Tuesday, 2 October 2012

Hydrangea Study Step by Step

I made a very weak effort at a loose hydrangea on the workshop I did with Jean Haines earler this year and realised I had a lot of work to do so I hope she will be pleased with this as I think it shows some progress!!!

I started with a wash of Windsor Violet, Pthalo turquoise and a touch of Alizarin Crimson (wouldn't use the red again might try a different colour eg Opera Rose). I let the paints run and added more water to let everything flow across the paper, moving the paper around to allow mixing in the direction I wanted which was a sort of diagonal top right to bottom left..... then left to dry.

I could already see a few opportunities for creating a couple of petals so added one or two centres and a touch of negative painting to define one of the edges then allowed to dry again.

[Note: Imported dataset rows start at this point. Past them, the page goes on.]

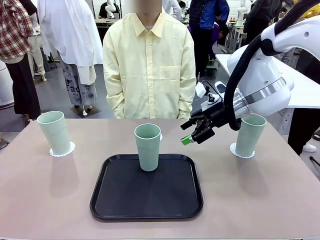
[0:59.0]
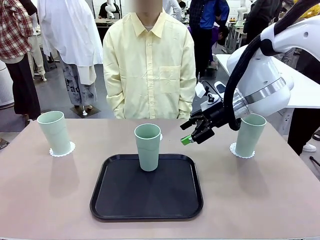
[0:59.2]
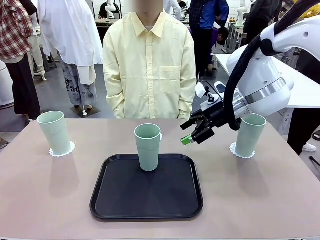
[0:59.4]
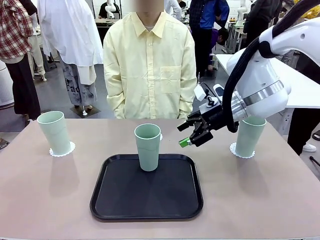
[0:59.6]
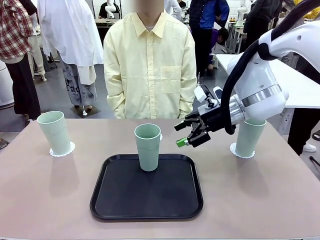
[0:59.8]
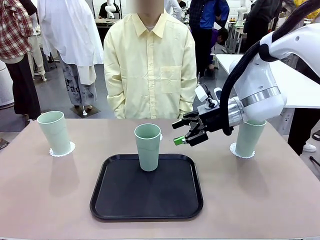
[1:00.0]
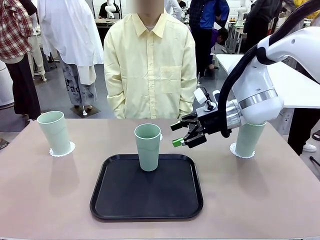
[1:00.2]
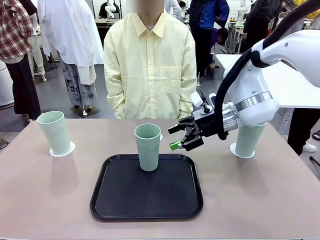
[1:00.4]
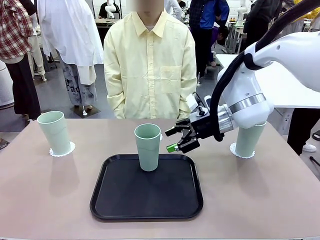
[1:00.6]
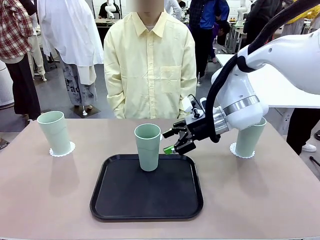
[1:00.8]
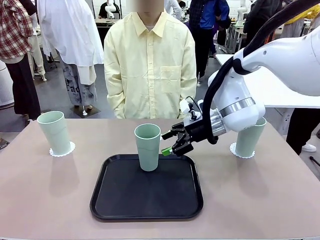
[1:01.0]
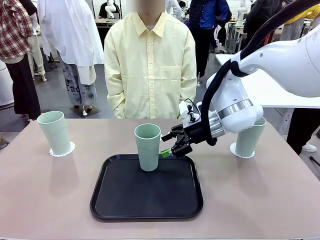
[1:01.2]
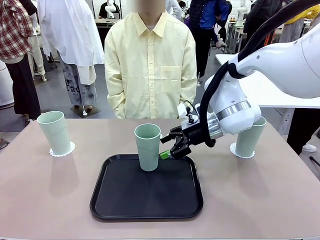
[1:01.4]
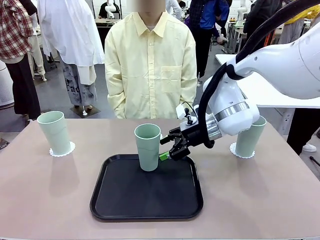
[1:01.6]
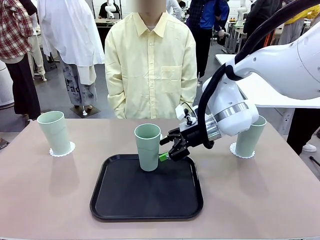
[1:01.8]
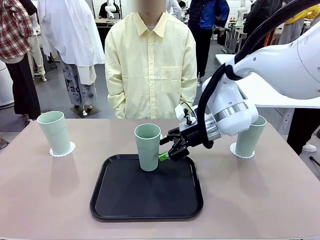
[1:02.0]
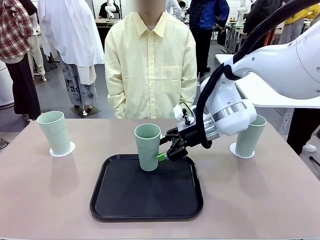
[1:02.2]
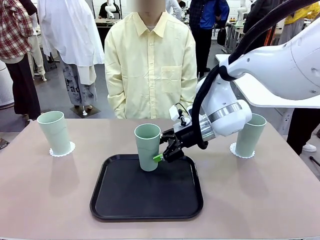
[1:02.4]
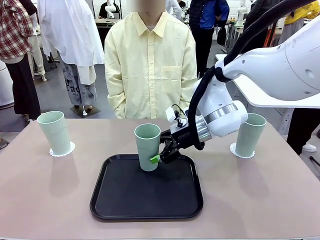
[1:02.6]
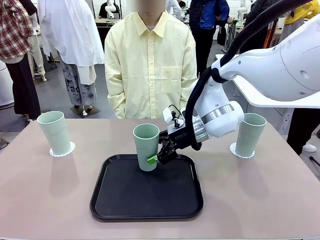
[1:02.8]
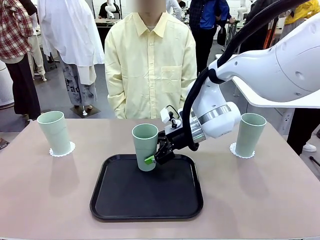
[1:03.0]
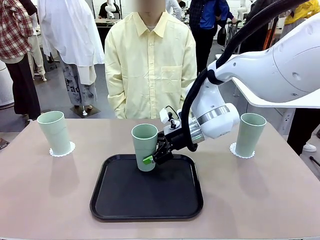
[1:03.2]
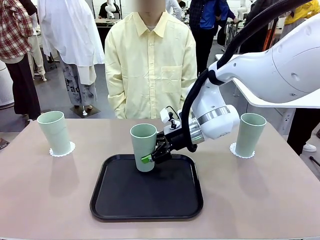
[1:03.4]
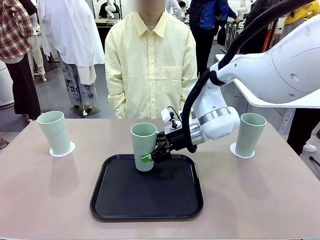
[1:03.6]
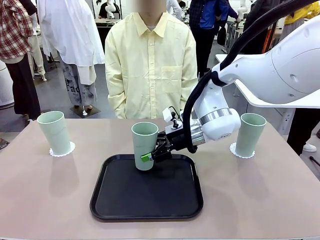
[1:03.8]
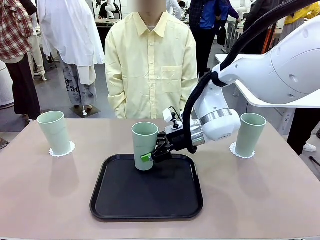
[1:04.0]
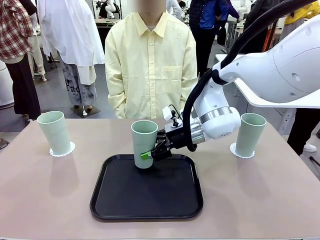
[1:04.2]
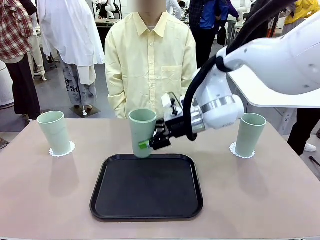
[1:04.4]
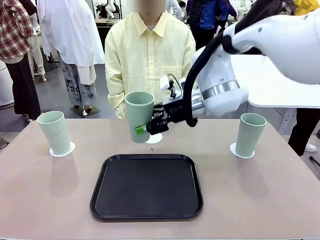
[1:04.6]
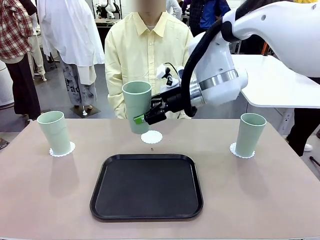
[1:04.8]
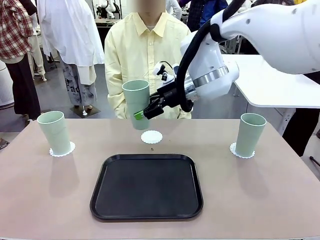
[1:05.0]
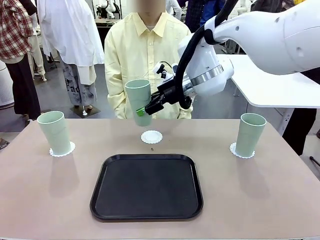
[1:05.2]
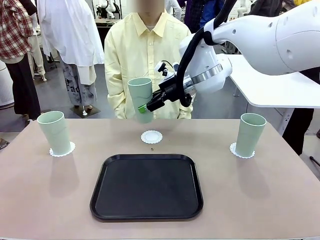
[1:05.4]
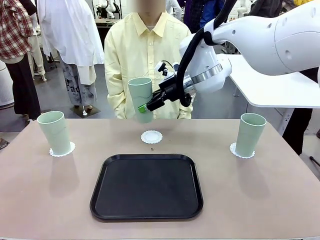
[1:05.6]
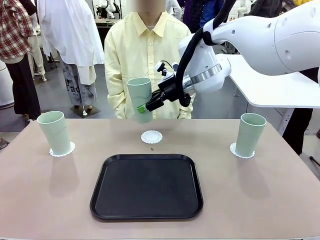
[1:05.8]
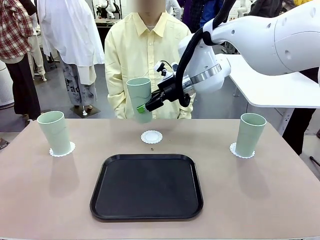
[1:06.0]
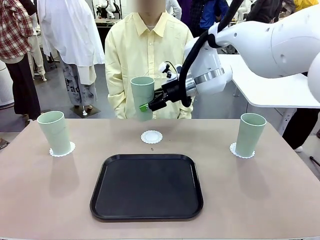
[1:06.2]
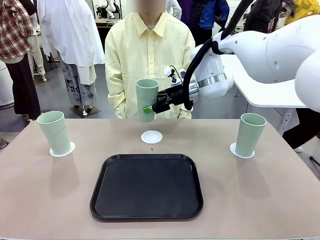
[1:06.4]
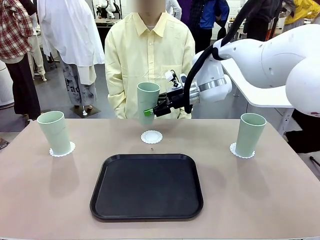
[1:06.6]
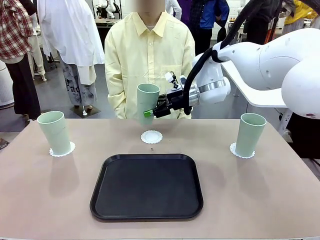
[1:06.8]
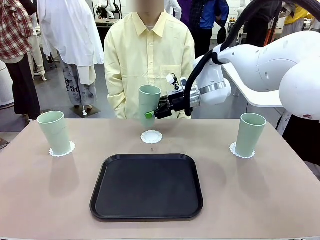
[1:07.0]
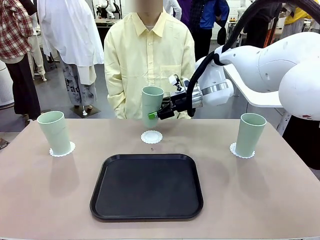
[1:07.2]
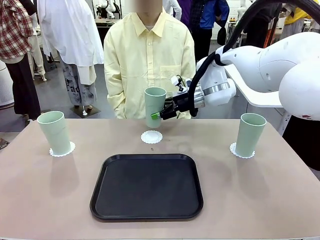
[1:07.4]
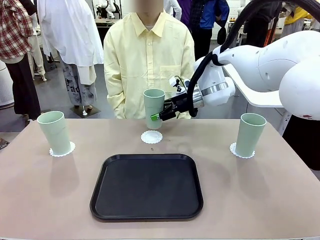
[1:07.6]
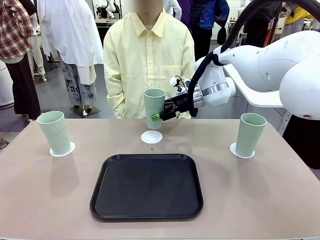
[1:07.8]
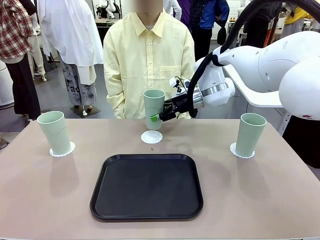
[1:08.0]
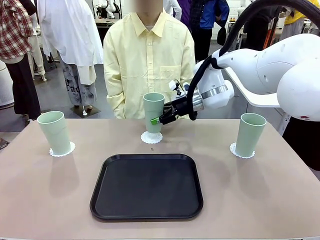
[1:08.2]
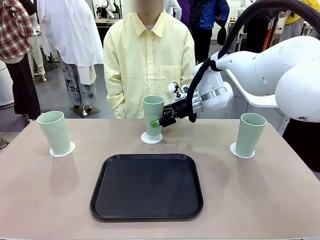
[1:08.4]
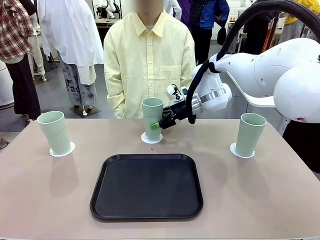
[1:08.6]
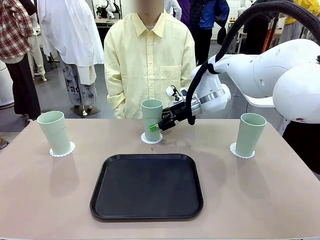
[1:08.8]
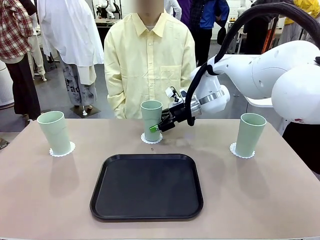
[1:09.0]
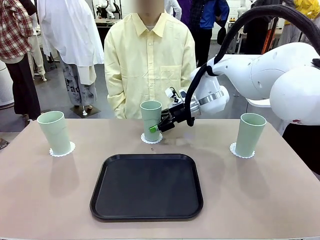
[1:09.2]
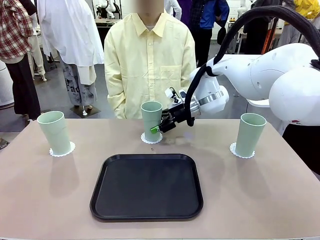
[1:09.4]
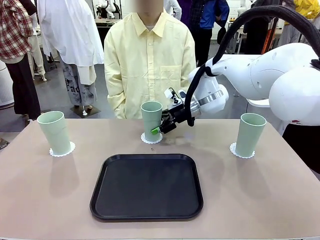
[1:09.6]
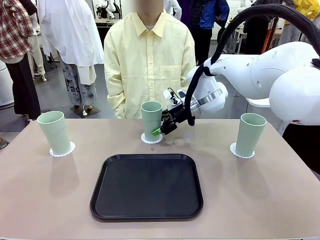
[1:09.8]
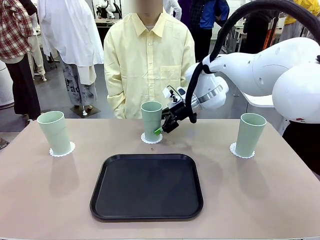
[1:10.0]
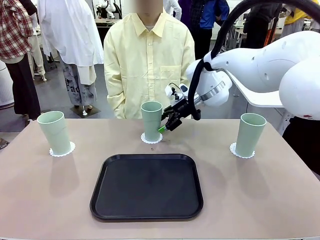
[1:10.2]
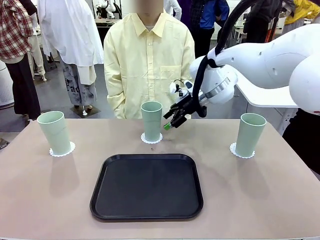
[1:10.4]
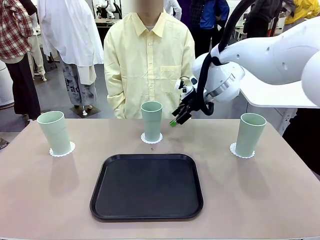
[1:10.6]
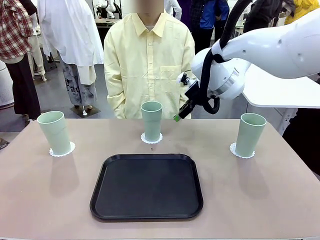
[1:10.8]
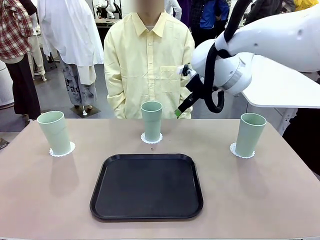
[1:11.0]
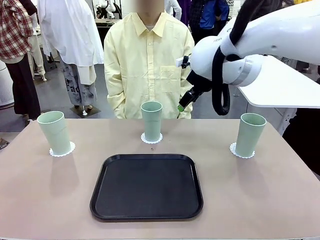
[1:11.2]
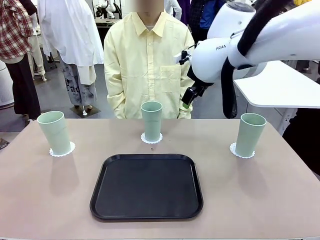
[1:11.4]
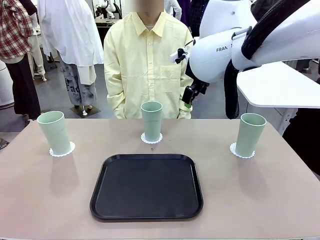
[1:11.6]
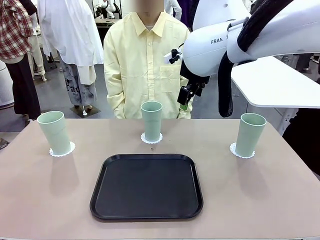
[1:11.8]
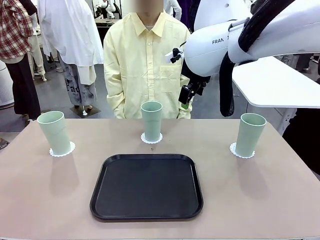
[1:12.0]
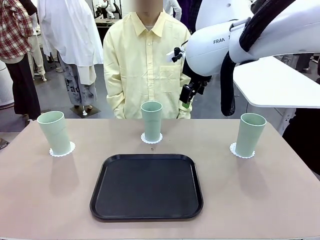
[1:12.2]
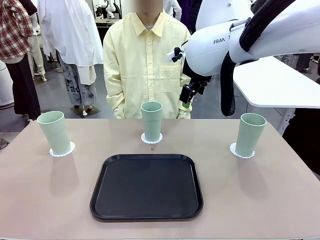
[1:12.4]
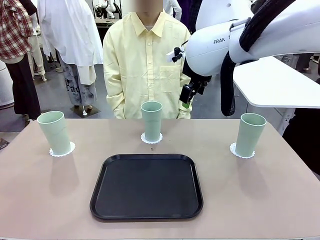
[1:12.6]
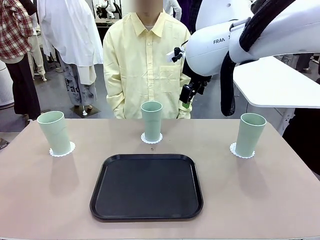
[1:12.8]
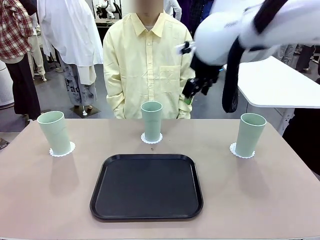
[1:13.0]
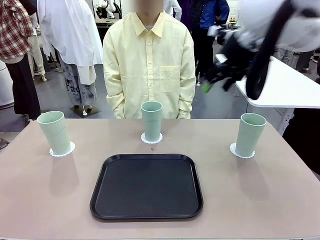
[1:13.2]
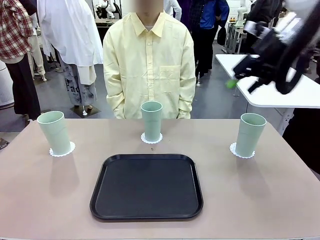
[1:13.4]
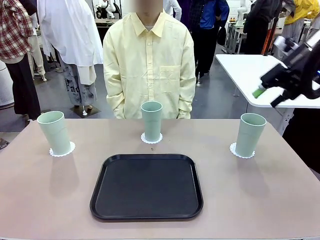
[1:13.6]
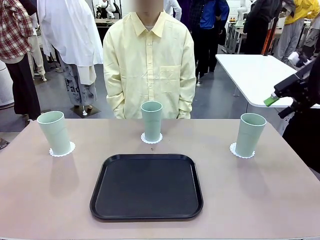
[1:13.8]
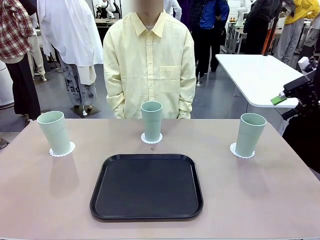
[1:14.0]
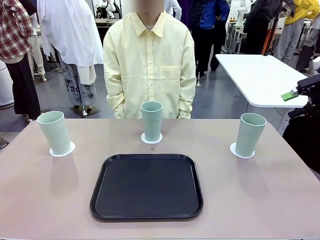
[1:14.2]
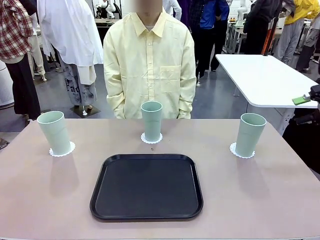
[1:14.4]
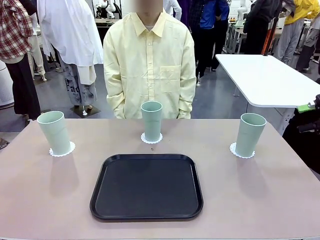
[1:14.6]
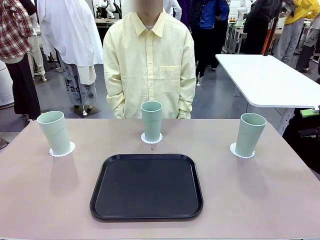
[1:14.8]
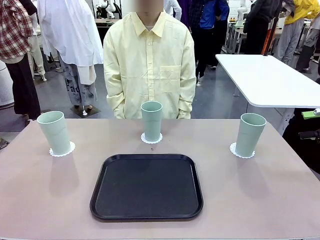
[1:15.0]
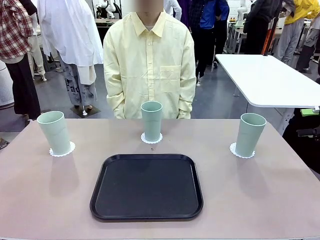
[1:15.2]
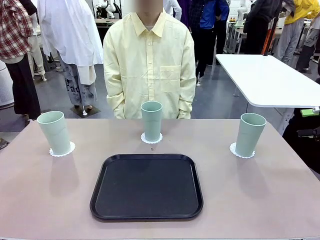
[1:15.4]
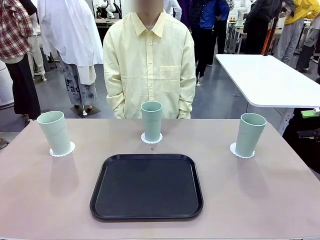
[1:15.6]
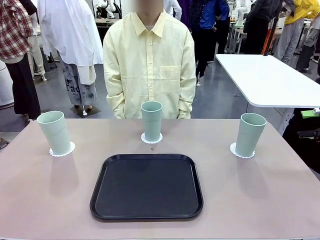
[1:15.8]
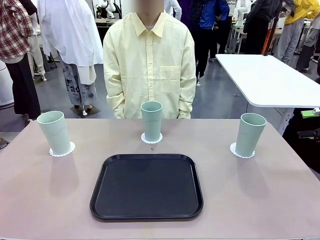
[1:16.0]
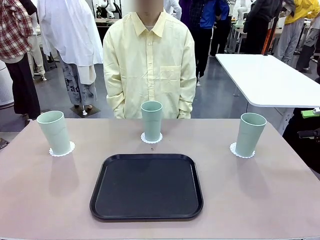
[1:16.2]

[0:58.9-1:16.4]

At this stage I am adding water all the time to soften edges and trying to keep the whole thing quite diffused, washing the edges away in the diagonal flow I started with.
Going on to define more edges with stronger paint... you can see the shape starting to form now as I add little touches of paint here and there.

I added a touch of Alizarin crimson around the centre of the flower to tie it in with the spots I had put above but am not liking that colour within the piece. Again more of the same, gently defining and washing away to build up the centre slowly. It is very important to let the paint dry between applications, there is a big difference in effect between applying the paint wet in wet and applying water to paint added wet on dry.... the second way in this piece produces a lovely mix of hard and soft edges whereas paint applied wet in wet will give you a soft muted effect which isn't what I want on here.
Just subtle changes here, continuing to build up the petals, painting negatively around them but also inviting the colour into the petals in parts as well. I have also added some Ub to the palette as I felt it was needed, now don't ask me why, I just thought it needed warming up a bit.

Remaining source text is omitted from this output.